Wirehouses, he says, have not come to the local level where most advisors draw most of their business. If advisors focus on that local level, "actively improving their visibility in the market," they will reach more potential clients and need to worry less about competition in any form. He has some suggestions as to how advisors can fend off competition from wirehouses and others (see "Advisor, Know Thyself" sidebar on page 90).
"My experience in doing strategic planning for advisors," says Tibergien, "is that they often are reluctant to admit they have competition. Their perception is that nobody does business like they do, therefore they have no competition. But if this were true, they would have all of the clients in their community. Competition has always been real; now it's becoming more formidable, but it's not a time for panic."
A Back-Door Drain
Palaveev offers a different take on how the wirehouses are providing competition to the independent financial advisor. "For years," says Palaveev, "wirehouses have been the primary source of independent advisors." The independents were essentially created by people leaving wirehouses to set up their own practices, he points out. "If that flow were to stop, the independent industry has no mechanism to replenish itself."

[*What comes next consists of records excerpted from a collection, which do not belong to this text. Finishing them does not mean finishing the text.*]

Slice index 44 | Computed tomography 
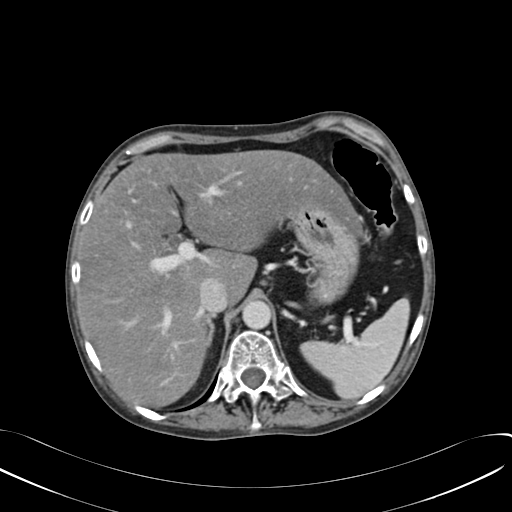
{"liver": ["region(78, 149, 361, 406)"]}
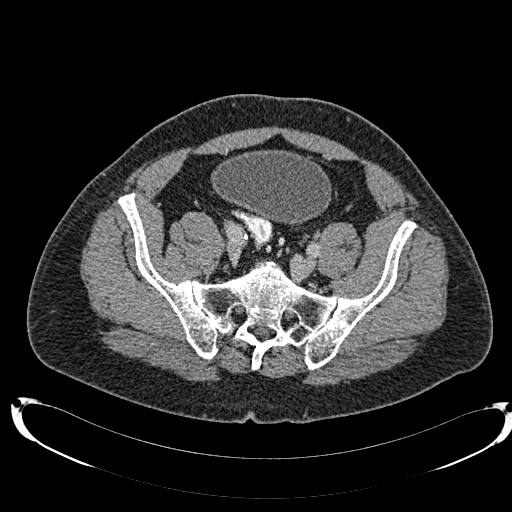 CT | Lower abdomen
urinary_bladder:
  - <bbox>213, 150, 331, 224</bbox>
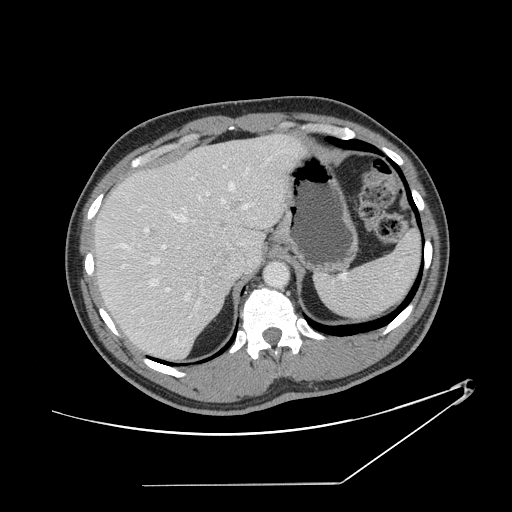

CT scan slice. Image size 512x512.
The vessel annotation is not exhaustive.
The largest 15 hepatic vessel regions (of 23) are bounded by {"x1": 229, "y1": 183, "x2": 233, "y2": 190}, {"x1": 162, "y1": 246, "x2": 164, "y2": 248}, {"x1": 244, "y1": 168, "x2": 248, "y2": 175}, {"x1": 206, "y1": 192, "x2": 208, "y2": 194}, {"x1": 195, "y1": 302, "x2": 198, "y2": 309}, {"x1": 199, "y1": 196, "x2": 201, "y2": 200}, {"x1": 117, "y1": 243, "x2": 128, "y2": 248}, {"x1": 185, "y1": 292, "x2": 189, "y2": 299}, {"x1": 151, "y1": 258, "x2": 158, "y2": 263}, {"x1": 144, "y1": 227, "x2": 148, "y2": 231}, {"x1": 221, "y1": 199, "x2": 225, "y2": 203}, {"x1": 242, "y1": 202, "x2": 254, "y2": 208}, {"x1": 169, "y1": 207, "x2": 186, "y2": 222}, {"x1": 150, "y1": 279, "x2": 158, "y2": 285}, {"x1": 266, "y1": 157, "x2": 270, "y2": 161}.
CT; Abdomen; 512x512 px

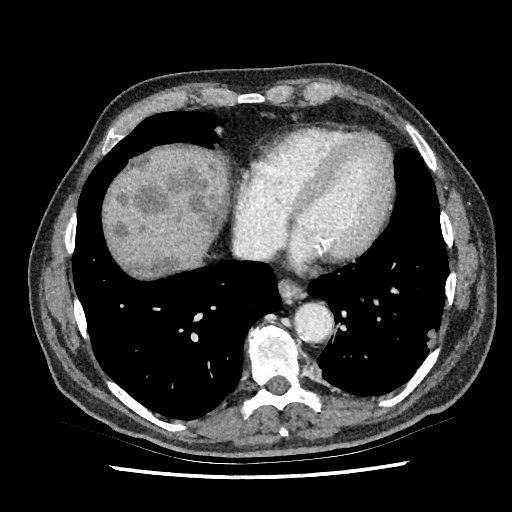

liver:
  - 106 147 226 270
liver_lesion:
  - 114 222 129 239
  - 126 154 150 171
  - 117 192 128 205
  - 125 257 180 276
  - 135 166 226 230
  - 173 209 182 224
  - 137 223 147 233
  - 207 163 217 173
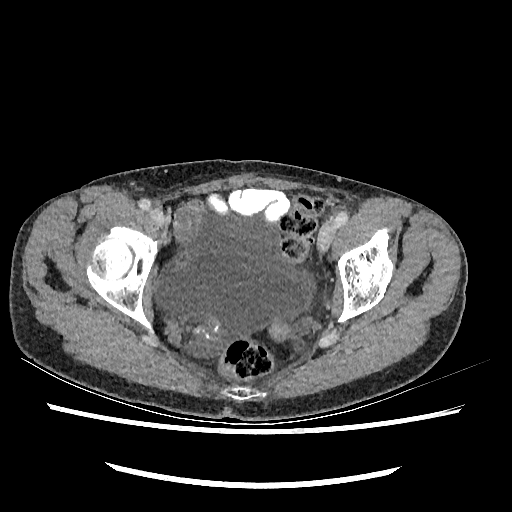 Lower abdomen, CT scan slice, 512x512
Urinary bladder = box(157, 208, 316, 341).
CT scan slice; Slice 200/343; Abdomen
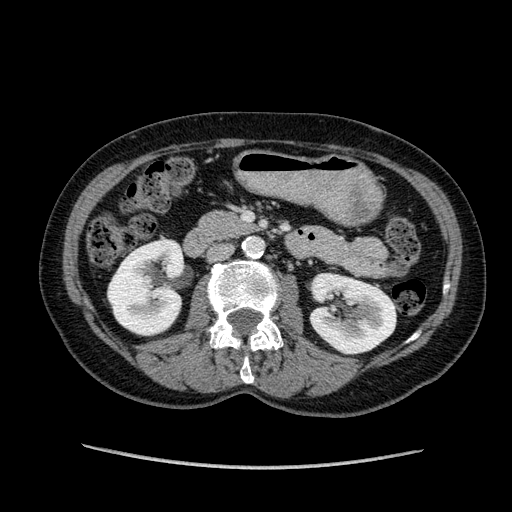

Kidney — {"x1": 311, "y1": 274, "x2": 395, "y2": 353}, {"x1": 108, "y1": 240, "x2": 182, "y2": 334}.

The independents, says Palaveev, have not generally been challenged to find new clients at the moment, even in the current tough market. In 2001 and 2002, he says, independents offering fee-based investment services have increased their average revenue about 5%, despite the markets' poor performance during those years. On the other hand, advisors who focus on transaction relationships have suffered a decline. "To me," says Palaveev, "that suggests a movement of clients from transaction- to fee-based relationships. That applies to both independents and wirehouses."